Tag Archives: food

Mao Zedong’s Birthday

Nationality: Japanese and Chinese American
Age: 18
Occupation: student
Residence: Oahu, Hawaii
Performance Date: 04/16/2018
Primary Language: English
Language: Japanese
  1. The main piece: Mao Zedong’s Birthday

“Okay, so Mao Zedong’s birthday is December 26th, and on that day, we eat long noodles. It’s because if you cut the noodle, you’re cutting his life. Which doesn’t really make sense because he’s dead.”

  1. Background information about the performance from the informant: why do they know or like this piece? Where/who did they learn it from? What does it mean to them? Context of the performance?

“Mao Zedong is the communist leader of China, and he’s very important because he led the communist revolution and changed China forever, for both better and worse.
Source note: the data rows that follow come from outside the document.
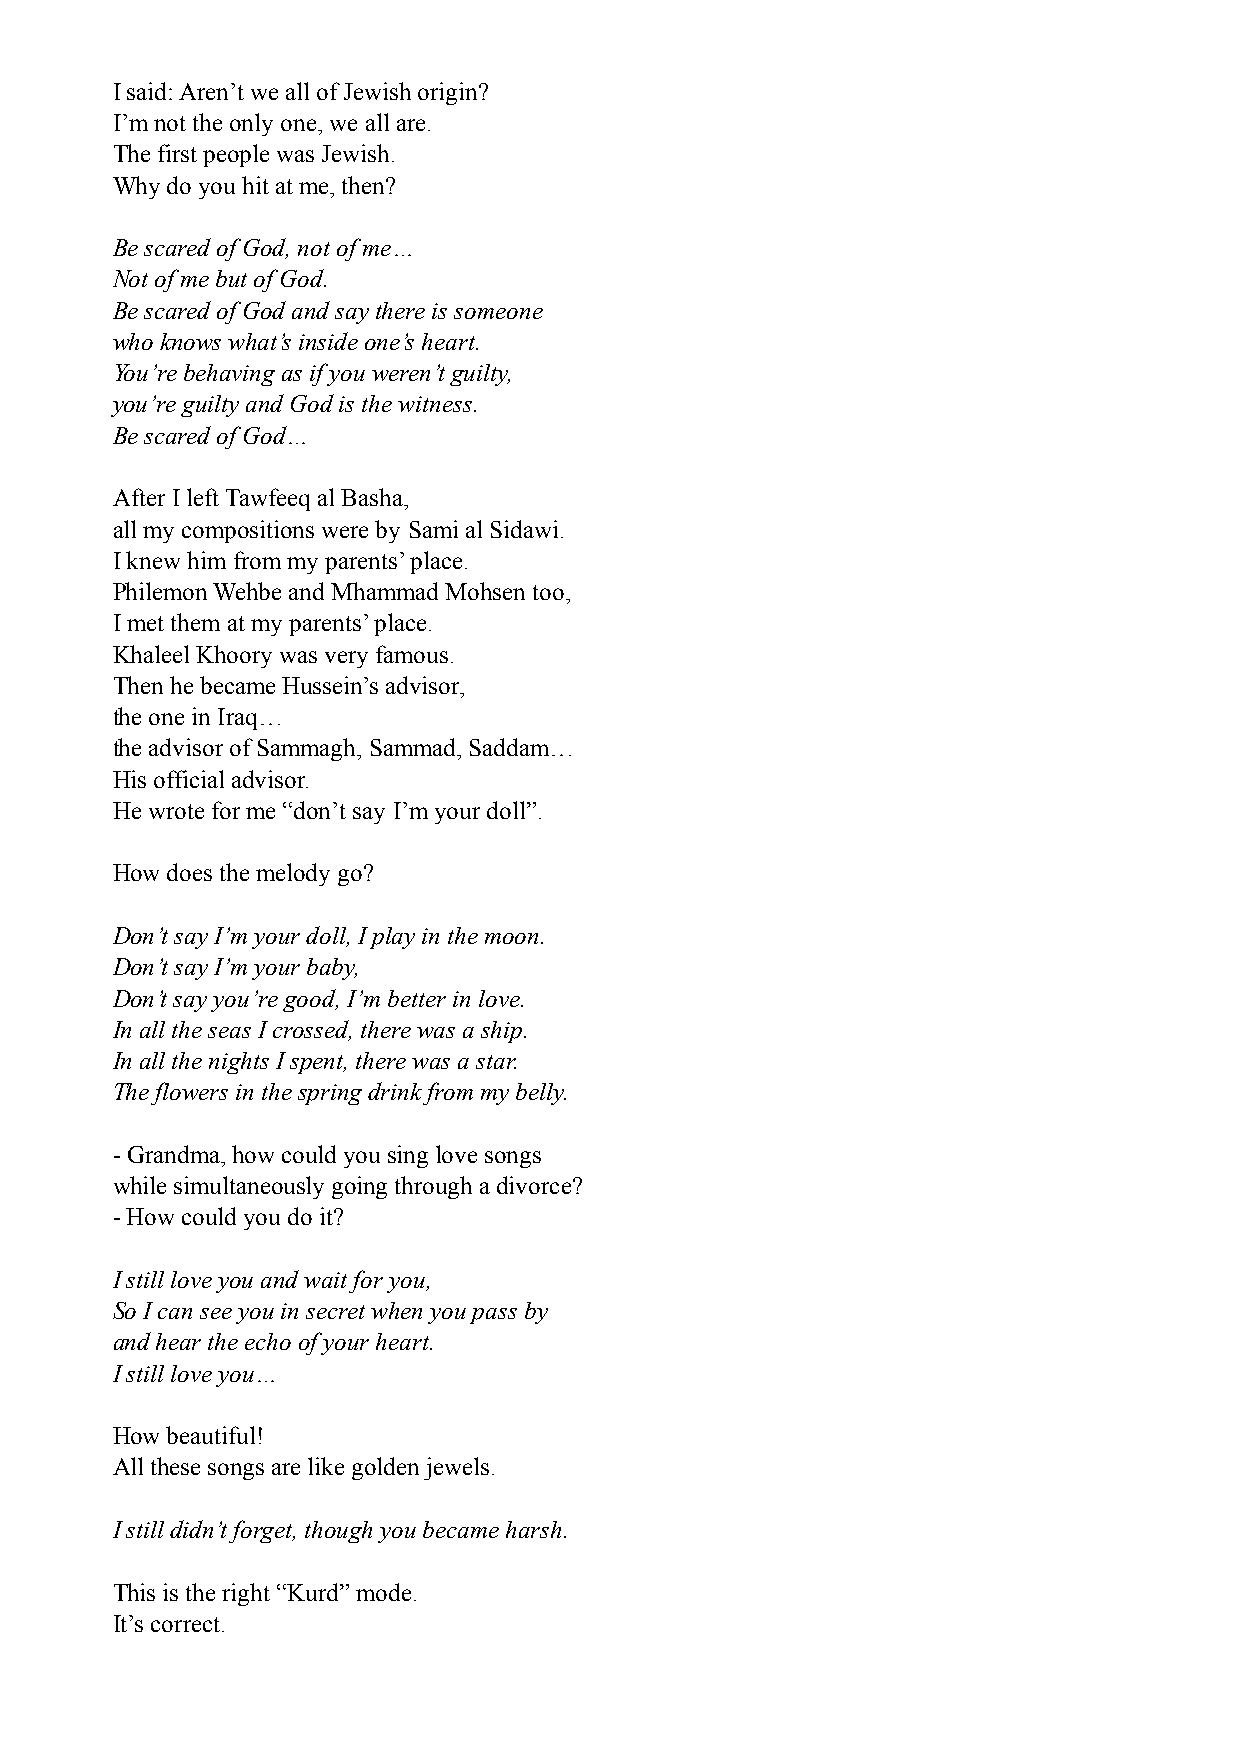
I said: Aren’t we all of Jewish origin?
 I’m not the only one, we all are.
 The first people was Jewish.
 Why do you hit at me, then?
 Be scared of God, not of me…
 Not of me but of God.
 Be scared of God and say there is someone
 who knows what’s inside one’s heart.
 You’re behaving as if you weren’t guilty,
 you’re guilty and God is the witness.
 Be scared of God…
 After I left Tawfeeq al Basha,
 all my compositions were by Sami al Sidawi.
 I knew him from my parents’ place.
 Philemon Wehbe and Mhammad Mohsen too,
 I met them at my parents’ place.
 Khaleel Khoory was very famous.
 Then he became Hussein’s advisor,
 the one in Iraq…
 the advisor of Sammagh, Sammad, Saddam…
 His official advisor.
 He wrote for me “don’t say I’m your doll”.
 How does the melody go?
 Don’t say I’m your doll, I play in the moon.
 Don’t say I’m your baby,
 Don’t say you’re good, I’m better in love.
 In all the seas I crossed, there was a ship.
 In all the nights I spent, there was a star.
 The flowers in the spring drink from my belly.
 - Grandma, how could you sing love songs
 while simultaneously going through a divorce?
 - How could you do it?
 I still love you and wait for you,
 So I can see you in secret when you pass by
 and hear the echo of your heart.
 I still love you…
 How beautiful!
 All these songs are like golden jewels.
 I still didn’t forget, though you became harsh.
 This is the right “Kurd” mode.
 It’s correct.

“Oh yeah, everyone loves Mao. Mao’s on all the money. It’s either Mao or flowers. It’s the day after Christmas and the day before my mom’s birthday.”
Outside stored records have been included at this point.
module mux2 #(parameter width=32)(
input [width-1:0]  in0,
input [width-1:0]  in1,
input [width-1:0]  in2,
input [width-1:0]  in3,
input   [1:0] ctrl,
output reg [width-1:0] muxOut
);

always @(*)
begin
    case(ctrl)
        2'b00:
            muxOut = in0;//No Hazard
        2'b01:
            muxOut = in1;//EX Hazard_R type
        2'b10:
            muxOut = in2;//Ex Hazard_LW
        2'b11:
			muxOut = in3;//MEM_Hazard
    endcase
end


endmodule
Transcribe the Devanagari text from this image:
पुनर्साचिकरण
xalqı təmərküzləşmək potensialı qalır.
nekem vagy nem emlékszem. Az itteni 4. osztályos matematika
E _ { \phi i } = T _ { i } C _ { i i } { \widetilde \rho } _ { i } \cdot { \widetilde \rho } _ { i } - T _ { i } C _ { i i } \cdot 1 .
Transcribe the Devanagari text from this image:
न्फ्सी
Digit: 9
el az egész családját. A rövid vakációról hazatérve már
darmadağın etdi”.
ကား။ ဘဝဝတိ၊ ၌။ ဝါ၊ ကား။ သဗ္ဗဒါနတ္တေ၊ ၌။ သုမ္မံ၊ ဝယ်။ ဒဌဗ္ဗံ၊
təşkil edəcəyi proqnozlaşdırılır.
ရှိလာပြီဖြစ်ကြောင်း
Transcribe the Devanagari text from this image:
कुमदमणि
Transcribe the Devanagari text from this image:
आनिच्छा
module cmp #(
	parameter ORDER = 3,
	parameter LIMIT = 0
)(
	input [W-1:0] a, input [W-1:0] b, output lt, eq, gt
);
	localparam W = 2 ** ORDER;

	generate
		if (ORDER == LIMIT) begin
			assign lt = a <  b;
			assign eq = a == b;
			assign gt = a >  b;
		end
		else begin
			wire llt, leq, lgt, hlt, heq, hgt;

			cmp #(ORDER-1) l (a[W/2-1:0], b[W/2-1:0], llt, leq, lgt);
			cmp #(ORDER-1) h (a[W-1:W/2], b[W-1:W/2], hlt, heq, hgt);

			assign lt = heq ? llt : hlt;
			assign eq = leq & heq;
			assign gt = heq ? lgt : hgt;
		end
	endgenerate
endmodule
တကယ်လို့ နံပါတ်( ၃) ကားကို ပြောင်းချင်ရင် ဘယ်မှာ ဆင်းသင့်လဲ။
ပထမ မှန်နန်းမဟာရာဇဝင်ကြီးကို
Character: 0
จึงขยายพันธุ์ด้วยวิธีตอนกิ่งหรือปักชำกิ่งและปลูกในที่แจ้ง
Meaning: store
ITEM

  1. Finally, your thoughts about the piece

This tradition of eating long noodles on Mao Zedong’s birthday symbolizes a long life for him, and, accordingly, for the communist nation and ideals that he created. I think that this is a key example of the usage of folklore to build nationalistic sentiment and to increase feelings of personal connection and importance to central sociopolitical powers. Even though the informant is from a later generation from the one in which Mao Zedong was active and alive, the fact that this tradition continues years after, even after his death, shows the lasting impact of using folklore as a nation-state building device.

  1. Informant Details

The informant is an 18-year old female of Japanese and Chinese descent. She grew up in Oahu, Hawaii in a family that had moved there five generations earlier, and explained how none of her parents or grandparents knew any Japanese or Chinese. Celebrating Japanese and Chinese cultural traditions helped her feel more connected to her heritage growing up, because she felt that her parents and grandparents were very disconnected from the culture other than with these traditions.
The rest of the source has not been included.